Painting intact asbestos cement siding — without sanding, scraping, or power washing — is generally considered an encapsulation approach and is lower risk than removal. However, any preparation work that involves sanding, wire brushing, or pressure washing intact panels creates fiber release and requires licensed abatement handling. Consult a NYS-licensed asbestos contractor before any surface preparation work on suspected asbestos siding.
Can vinyl siding be installed over asbestos cement siding?
In some cases, vinyl siding can be installed over intact asbestos cement siding as an encapsulation approach, leaving the asbestos material undisturbed. This requires that the existing siding be structurally sound and that no cutting, removal, or disturbance of the asbestos panels occurs during installation. This approach should be reviewed with both a licensed asbestos contractor and a siding contractor before proceeding.
What is Transite siding?
Transite was a brand name for asbestos cement building products manufactured by Johns-Manville. Transite siding consists of Portland cement reinforced with chrysotile asbestos fibers, pressed into flat sheets or shingle panels.
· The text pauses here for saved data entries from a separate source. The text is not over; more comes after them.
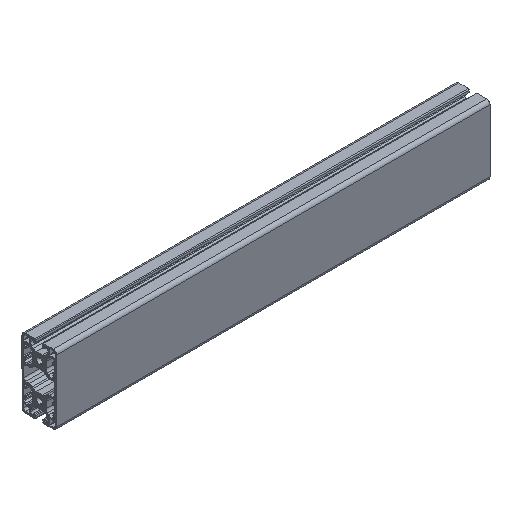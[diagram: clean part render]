
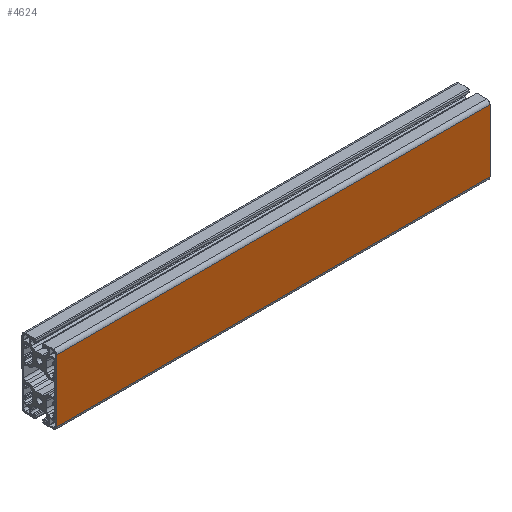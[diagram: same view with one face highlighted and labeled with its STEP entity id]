
A CAD part, isometric view. The second image highlights one B-rep face of the part: STEP entity #4624.
In plain terms, the highlighted planar face has unit normal (0, -1, 0).
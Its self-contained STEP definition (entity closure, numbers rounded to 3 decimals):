
#46 = DIRECTION ( 'NONE',  ( 0., 0., 1. ) ) ;
#115 = VERTEX_POINT ( 'NONE', #2809 ) ;
#236 = DIRECTION ( 'NONE',  ( 0., 0., 1. ) ) ;
#376 = EDGE_CURVE ( 'NONE', #2547, #115, #4055, .T. ) ;
#497 = VECTOR ( 'NONE', #236, 1000. ) ;
#633 = VECTOR ( 'NONE', #659, 1000. ) ;
#659 = DIRECTION ( 'NONE',  ( 1., 0., 0. ) ) ;
#761 = EDGE_CURVE ( 'NONE', #7589, #2349, #3107, .T. ) ;
#1100 = LINE ( 'NONE', #7276, #6144 ) ;
#2160 = ORIENTED_EDGE ( 'NONE', *, *, #761, .F. ) ;
#2349 = VERTEX_POINT ( 'NONE', #3543 ) ;
#2500 = EDGE_CURVE ( 'NONE', #2547, #7589, #4390, .T. ) ;
#2520 = DIRECTION ( 'NONE',  ( 0., 0., 1. ) ) ;
#2547 = VERTEX_POINT ( 'NONE', #7460 ) ;
#2751 = CARTESIAN_POINT ( 'NONE',  ( 1500., -20., -836. ) ) ;
#2809 = CARTESIAN_POINT ( 'NONE',  ( 2000., -20., -836. ) ) ;
#3107 = LINE ( 'NONE', #4555, #633 ) ;
#3218 = AXIS2_PLACEMENT_3D ( 'NONE', #4229, #6165, #2520 ) ;
#3543 = CARTESIAN_POINT ( 'NONE',  ( 2000., -20., -764. ) ) ;
#3621 = EDGE_CURVE ( 'NONE', #115, #2349, #1100, .T. ) ;
#3701 = PLANE ( 'NONE',  #3218 ) ;
#3883 = ORIENTED_EDGE ( 'NONE', *, *, #2500, .F. ) ;
#4043 = ORIENTED_EDGE ( 'NONE', *, *, #376, .T. ) ;
#4055 = LINE ( 'NONE', #2751, #5246 ) ;
#4229 = CARTESIAN_POINT ( 'NONE',  ( 1500., -20., -836. ) ) ;
#4390 = LINE ( 'NONE', #6892, #497 ) ;
#4555 = CARTESIAN_POINT ( 'NONE',  ( 1500., -20., -764. ) ) ;
#4624 = ADVANCED_FACE ( 'NONE', ( #6083 ), #3701, .F. ) ;
#4676 = EDGE_LOOP ( 'NONE', ( #5252, #2160, #3883, #4043 ) ) ;
#5246 = VECTOR ( 'NONE', #6484, 1000. ) ;
#5252 = ORIENTED_EDGE ( 'NONE', *, *, #3621, .T. ) ;
#5811 = CARTESIAN_POINT ( 'NONE',  ( 1500., -20., -764. ) ) ;
#6083 = FACE_OUTER_BOUND ( 'NONE', #4676, .T. ) ;
#6144 = VECTOR ( 'NONE', #46, 1000. ) ;
#6165 = DIRECTION ( 'NONE',  ( 0., 1., 0. ) ) ;
#6484 = DIRECTION ( 'NONE',  ( 1., 0., 0. ) ) ;
#6892 = CARTESIAN_POINT ( 'NONE',  ( 1500., -20., -836. ) ) ;
#7276 = CARTESIAN_POINT ( 'NONE',  ( 2000., -20., -836. ) ) ;
#7460 = CARTESIAN_POINT ( 'NONE',  ( 1500., -20., -836. ) ) ;
#7589 = VERTEX_POINT ( 'NONE', #5811 ) ;

It was widely used for residential and commercial exterior cladding from the 1930s through the late 1970s. The Transite name appears on labels occasionally still found on sheltered panels.
How much does asbestos cement siding removal cost on Long Island?
Asbestos cement siding removal on Long Island typically runs $8,000 to $20,000 for a standard ranch or cape cod, depending on the square footage of siding, number of stories, and whether the siding is directly accessible or covered by a later layer of vinyl or aluminum. See our full asbestos removal cost guide for 2026 pricing by project type.
Is there asbestos siding under my vinyl siding?
Possibly. A significant number of Long Island homes had vinyl or aluminum siding installed over original asbestos cement siding in the 1970s and 1980s. If your home was built before 1970 and currently has vinyl or aluminum siding, the pre-renovation assessment for any siding project should include lifting or cutting a small section of the outer cladding to inspect what is underneath — and testing if asbestos cement siding is found.